I was in the eighth grade. My history teacher attempted to fill the classroom with various holiday decorations during the winter holiday season. I finally felt that someone had acknowledged how unfair it was to belittle one religion by paying unequal attention to it. But then a student stood up, offended because he was an atheist.
I was in the tenth grade. I heard an announcement for a Christian club meeting. I went to the principal, and asked why there wasn’t a club for every other religion. She said that if I wanted to start a Jewish club, I could, and that all that was required was a teacher to sponsor the club. It seemed like a fair response, until I realized that by attempting to create a Jewish club, I’d be isolating those students whose religion was not Christian or Jewish.

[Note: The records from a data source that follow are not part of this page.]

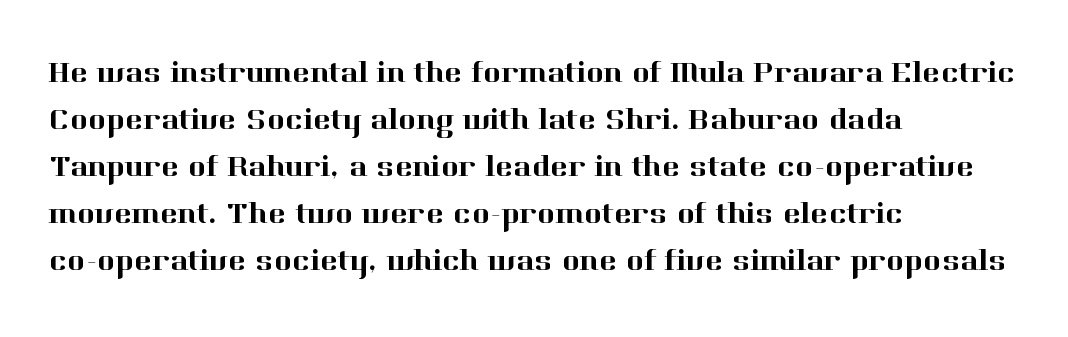
{"serif": "yes", "italic": "no", "width": "normal", "stroke_contrast": "high", "x_height": "medium", "monospaced": "no", "underline": "no", "align": "left", "line_spacing": "normal", "line_spacing_ratio": 1.57, "letter_spacing": "normal", "letter_spacing_em": 0.0, "glyph_px": 30}
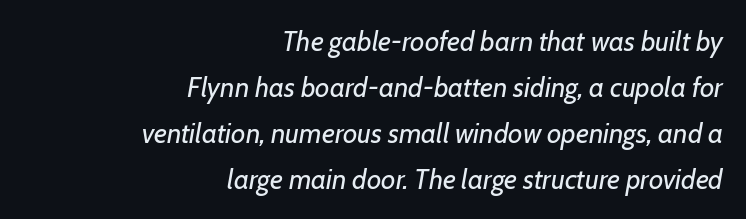
{"italic": "yes", "lean": "right", "slant_degrees": 7, "bold": "no", "weight": "regular", "width": "normal", "stroke_contrast": "low", "x_height": "medium", "monospaced": "no", "underline": "no", "align": "right", "line_spacing": "normal", "line_spacing_ratio": 1.64, "letter_spacing": "normal", "letter_spacing_em": 0.0, "glyph_px": 28}
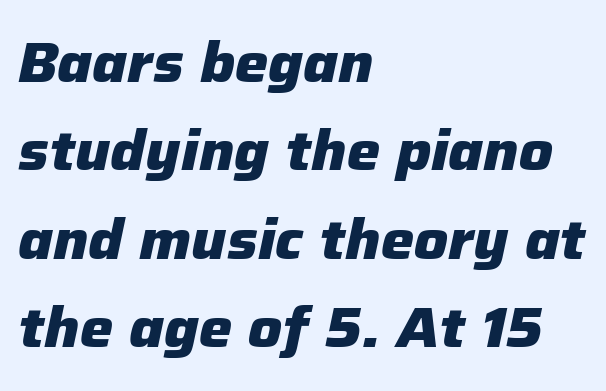
Q: Is the text bold? A: Yes.
Q: Is the text italic (slanted)? A: Yes, it leans right by about 12 degrees.
Q: Is the text underlined? A: No.
Q: How is the paragraph aligned? A: Left-aligned.
Q: Is the spacing between letters normal or unusually wide? A: Normal.
Q: Is the spacing between lines tight, normal or loose? A: Normal.
Q: Width (condensed, normal, or wide)? A: Normal.
Q: Stroke contrast? A: Low.
Q: x-height? A: Medium.
Q: Monospaced? A: No.
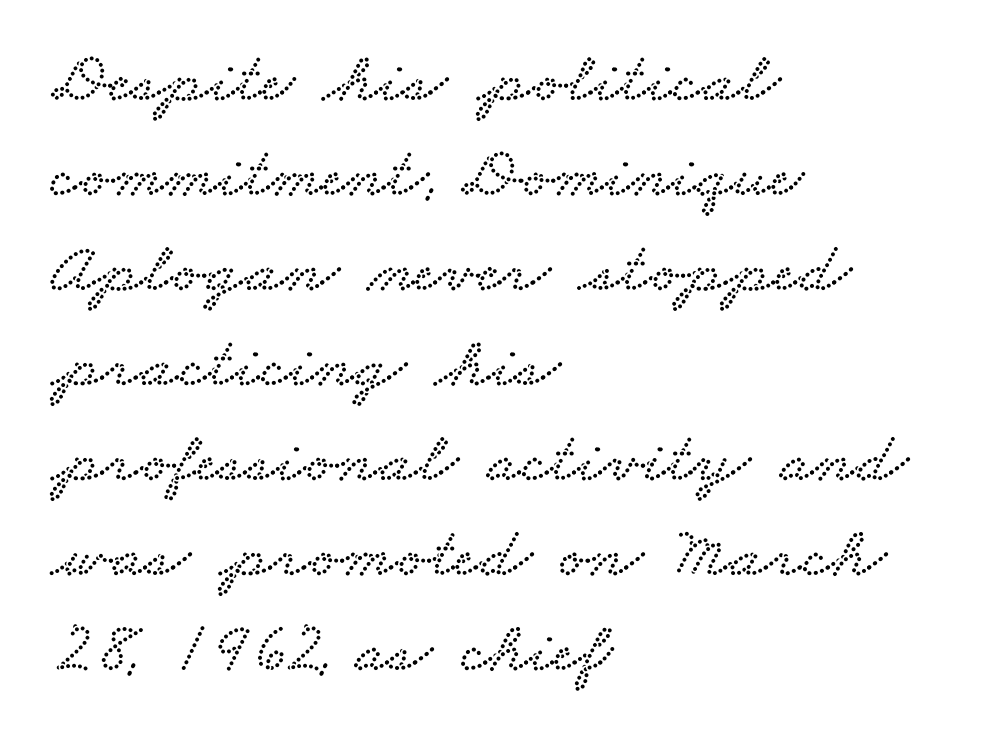
The typesetter chose a ragged-right arrangement here. The passage shown is typeset with a serif family. Default kerning and tracking; the words read as compact shapes. Bare-footed words on every line. The passage shown stacks its lines at a standard gap. These lines are rendered in a variable-pitch font.
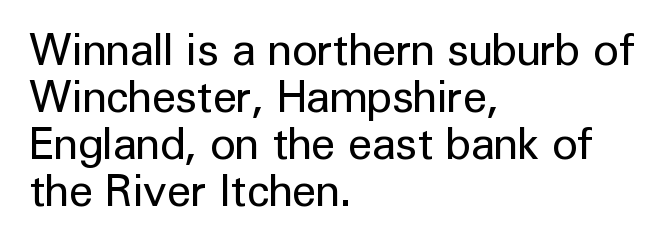
{"serif": "no", "italic": "no", "bold": "no", "weight": "regular", "width": "normal", "stroke_contrast": "low", "x_height": "medium", "monospaced": "no", "underline": "no", "align": "left", "line_spacing": "tight", "line_spacing_ratio": 1.07, "letter_spacing": "normal", "letter_spacing_em": 0.0, "glyph_px": 44}
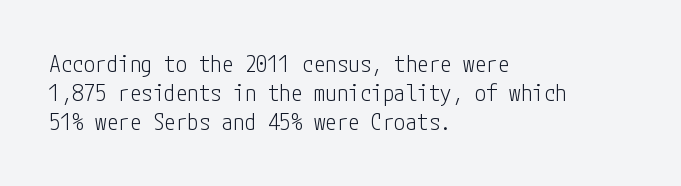
{"italic": "no", "bold": "no", "underline": "no", "align": "left", "line_spacing": "normal", "line_spacing_ratio": 1.27, "letter_spacing": "normal", "letter_spacing_em": 0.0, "glyph_px": 23}
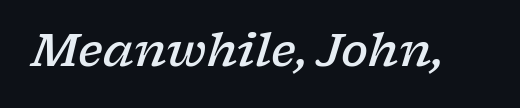
{"serif": "yes", "italic": "yes", "lean": "right", "slant_degrees": 17, "bold": "semi", "weight": "semibold", "width": "wide", "stroke_contrast": "low", "x_height": "medium", "monospaced": "no", "underline": "no", "letter_spacing": "normal", "letter_spacing_em": 0.0, "glyph_px": 45}
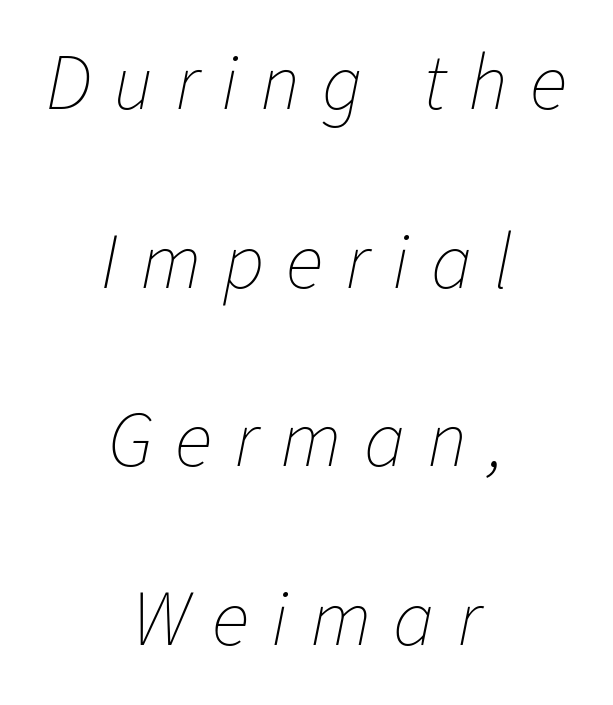
{"italic": "yes", "lean": "right", "slant_degrees": 11, "bold": "no", "weight": "thin", "width": "normal", "stroke_contrast": "low", "x_height": "medium", "monospaced": "no", "underline": "no", "align": "center", "line_spacing": "loose", "line_spacing_ratio": 2.26, "letter_spacing": "wide", "letter_spacing_em": 0.28, "glyph_px": 79}

I was graduating from the 12th grade. At the graduation ceremony, the chorus sang songs with lyrics that included religious terms, even the name “Jesus.” Exhausted from 12 years of disappointments in my school system’s deviation from what I deemed a necessary separation of religion and school affairs, I did not object further than by telling my principal on my way out, “I didn’t appreciate the songs that the chorus sang.”
The lack of division between church and state creates a division between students based on religion. It classifies each student, and some classes will perennially be given more attention than the others. I had felt abnormal as a student only because I didn’t receive Christmas gifts. No child should have to go through that feeling of utter isolation, no child should have to wonder why their religion isn’t perceived as significant as another, no child should have to deal with religion in school.
Students often applied typical stereotypes of Jewish people to me. I have been called cheap for picking up a penny on the sidewalk for good luck. Had a student of any other faith picked up that penny, no accusations would have been made. I was assumed to have certain viewpoints just because I was Jewish, and all Jewish people have the same viewpoints. If religion was not dominant in schools–if holidays were not celebrated at school, if prayers were not said, if clubs based on religion were not active–I, just as many other students, would not have had to handle the emotional turmoil resulting from preconceived notions and from the undesired destiny of mental solitude.
America is an enduring melting pot, a country that advocates rights to everyone regardless of their religion. Involving religion in public schools bluntly contradicts what America stands for, because no public school–no matter how hard it tried–could possibly satisfy the religious needs and wants of every student. Atheists are typically not even considered. There is absolutely no way to appease every student, and therefore religion should never be entangled with public schools.
Faith in the public education system is being destroyed by a lack of equality. This cannot be rectified under the continuing religious bias. In a world being torn apart by beliefs, the future’s only hope for unity is that American citizens will be educated as a nation instead of under God.